La création d’une association comme l’APPIFI va bien évidemment s’attacher à offrir des outils de formation aux professionnels intéressés par le rôle de tiers protecteur. Elle va également définir une charte visant à encourager les bonnes pratiques. Car partager les prérogatives du constituant, c’est possiblement partager sa piscine au mois d’août. Or, il n’est pas certain que ces abus favorisent le développement de la fiducie… Sans aller jusqu’à ces extrêmes - plus humoristiques que probables -, il conviendra d’identifier et gérer les potentiels conflits d’intérêts. Cette charte devra par exemple prévoir les cas où il existe un lien entre le fiduciaire et le tiers de confiance et les mesures à apporter pour garantir l’objectivité du contrôle.

Un cadre juridique bientôt assoupli ?

Par ailleurs, la création d’une fiducie est chère. Dans un premier temps, le déploiement de la fiducie sera consacré à convaincre les familles fortunées. Dans un second temps, la pratique patinera une standardisation des conventions de fiducie pour que les atouts de cette « nouvelle » gestion du patrimoine s’adressent à un public plus large.
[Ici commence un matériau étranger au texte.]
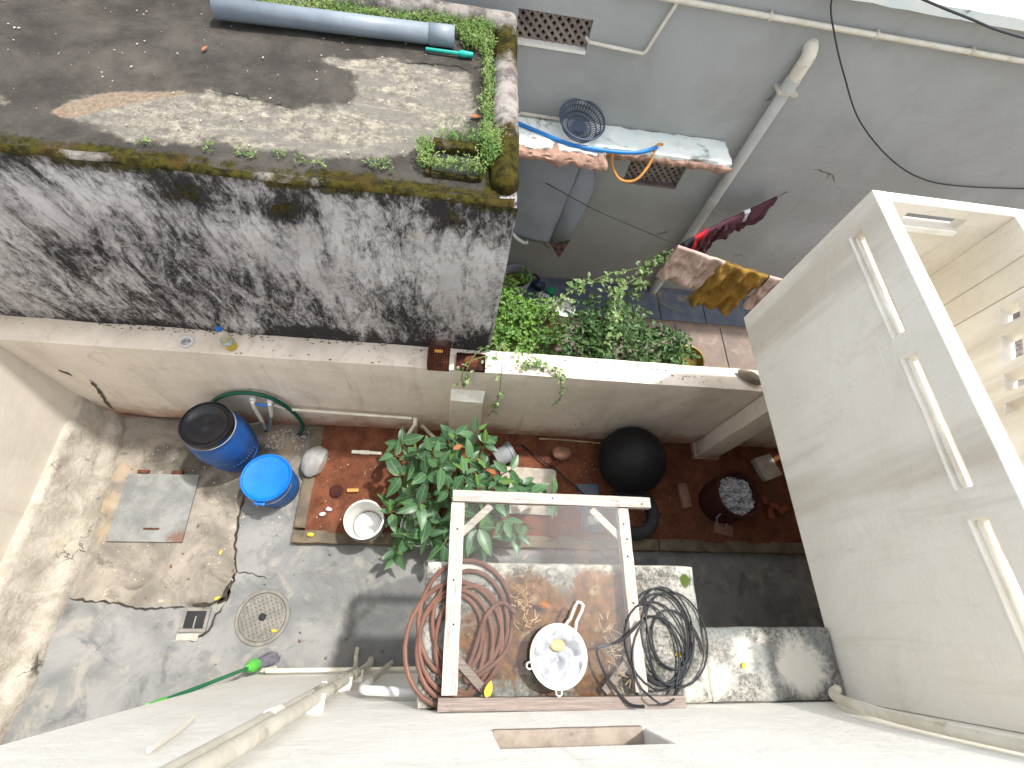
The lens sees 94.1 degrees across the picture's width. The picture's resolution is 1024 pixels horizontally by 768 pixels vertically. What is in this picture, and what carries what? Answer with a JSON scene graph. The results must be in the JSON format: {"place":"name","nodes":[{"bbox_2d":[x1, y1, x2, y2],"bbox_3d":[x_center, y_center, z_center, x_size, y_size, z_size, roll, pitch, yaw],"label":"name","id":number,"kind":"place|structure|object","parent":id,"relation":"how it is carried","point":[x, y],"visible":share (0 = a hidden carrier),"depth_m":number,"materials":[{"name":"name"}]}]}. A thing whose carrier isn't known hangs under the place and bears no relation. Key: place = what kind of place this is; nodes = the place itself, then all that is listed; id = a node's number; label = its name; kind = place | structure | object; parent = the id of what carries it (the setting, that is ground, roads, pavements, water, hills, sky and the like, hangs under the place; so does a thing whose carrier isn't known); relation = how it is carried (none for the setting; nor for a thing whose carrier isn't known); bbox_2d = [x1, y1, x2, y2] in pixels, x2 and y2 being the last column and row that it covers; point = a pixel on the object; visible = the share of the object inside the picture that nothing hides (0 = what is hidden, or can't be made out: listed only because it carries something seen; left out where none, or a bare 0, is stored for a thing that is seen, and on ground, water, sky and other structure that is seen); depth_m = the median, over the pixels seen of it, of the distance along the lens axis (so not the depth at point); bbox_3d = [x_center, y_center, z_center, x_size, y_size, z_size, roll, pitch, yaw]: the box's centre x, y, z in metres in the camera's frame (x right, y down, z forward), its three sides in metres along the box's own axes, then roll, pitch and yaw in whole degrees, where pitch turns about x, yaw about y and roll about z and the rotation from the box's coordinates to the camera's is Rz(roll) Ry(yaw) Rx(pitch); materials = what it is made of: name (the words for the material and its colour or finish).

Il est enfin probable que la fiducie souffre de ne pouvoir être constituée avec une intention libérale. L’article 2012 du Code civil en formule l’interdiction : pas de donation ni de legs indirects via la fiducie. Cependant, cette interdiction pourrait être bientôt levée assurent les juristes experts sur ce sujet. On imagine alors les perspectives étonnantes que l’outil pourrait présenter dès lors qu’elle permettrait une transmission à titre gratuit du patrimoine. Le cousinage avec le mécanisme de l’assurance-vie serait troublant et la fiducie apparaîtrait dès lors comme une alternative puissante. Le temps est venu pour tous les professionnels de la gestion de patrimoine d’embrasser la belle endormie.